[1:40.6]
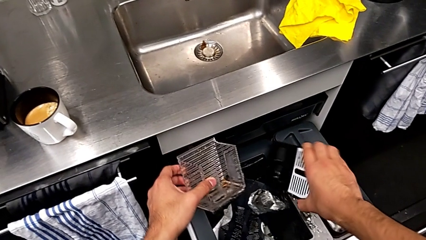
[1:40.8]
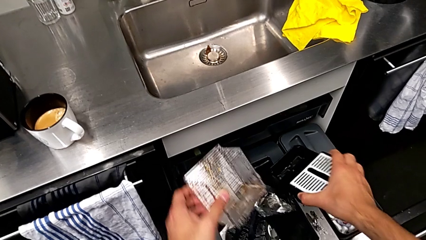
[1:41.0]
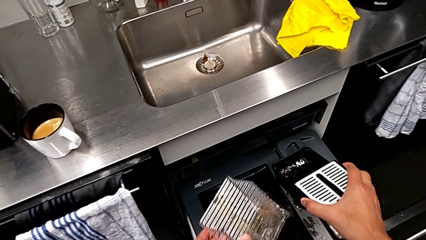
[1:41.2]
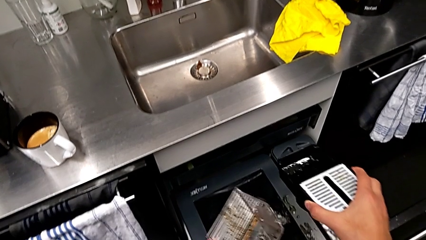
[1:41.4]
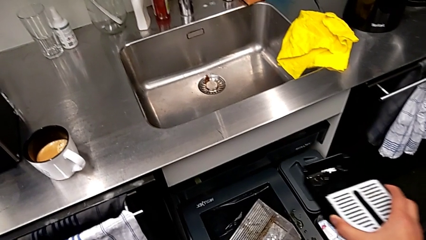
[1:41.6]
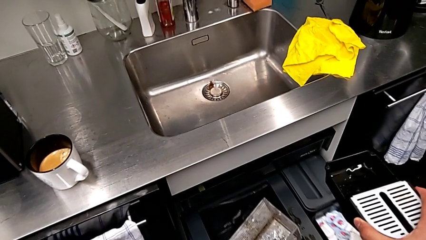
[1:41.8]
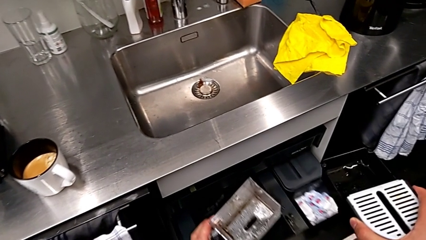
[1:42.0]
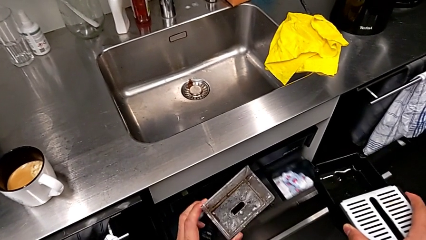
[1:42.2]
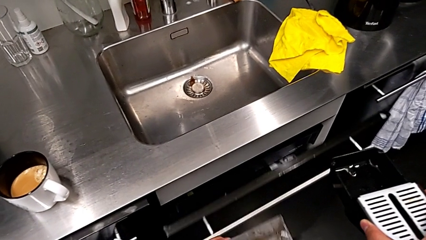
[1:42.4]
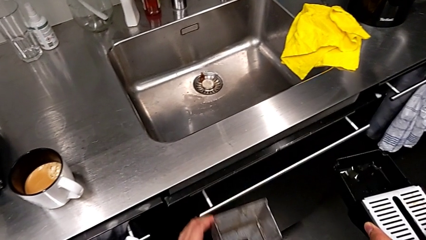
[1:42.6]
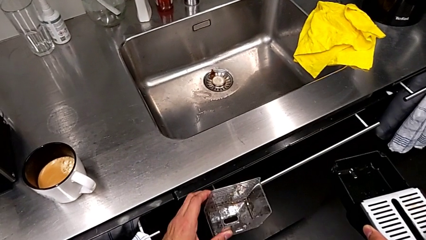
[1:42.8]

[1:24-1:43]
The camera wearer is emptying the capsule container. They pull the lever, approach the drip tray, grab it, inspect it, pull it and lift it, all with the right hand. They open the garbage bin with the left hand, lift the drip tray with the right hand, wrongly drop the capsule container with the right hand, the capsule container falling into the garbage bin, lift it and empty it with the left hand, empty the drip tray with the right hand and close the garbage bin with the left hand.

▶ [WORK INSTRUCTIONS]:
Repeat the records above word for word, keeping no pictures in the copy.

▶ [TASK OUTPUT]:
[1:40.6]
[1:40.8]
[1:41.0]
[1:41.2]
[1:41.4]
[1:41.6]
[1:41.8]
[1:42.0]
[1:42.2]
[1:42.4]
[1:42.6]
[1:42.8]

[1:24-1:43]
The camera wearer is emptying the capsule container. They pull the lever, approach the drip tray, grab it, inspect it, pull it and lift it, all with the right hand. They open the garbage bin with the left hand, lift the drip tray with the right hand, wrongly drop the capsule container with the right hand, the capsule container falling into the garbage bin, lift it and empty it with the left hand, empty the drip tray with the right hand and close the garbage bin with the left hand.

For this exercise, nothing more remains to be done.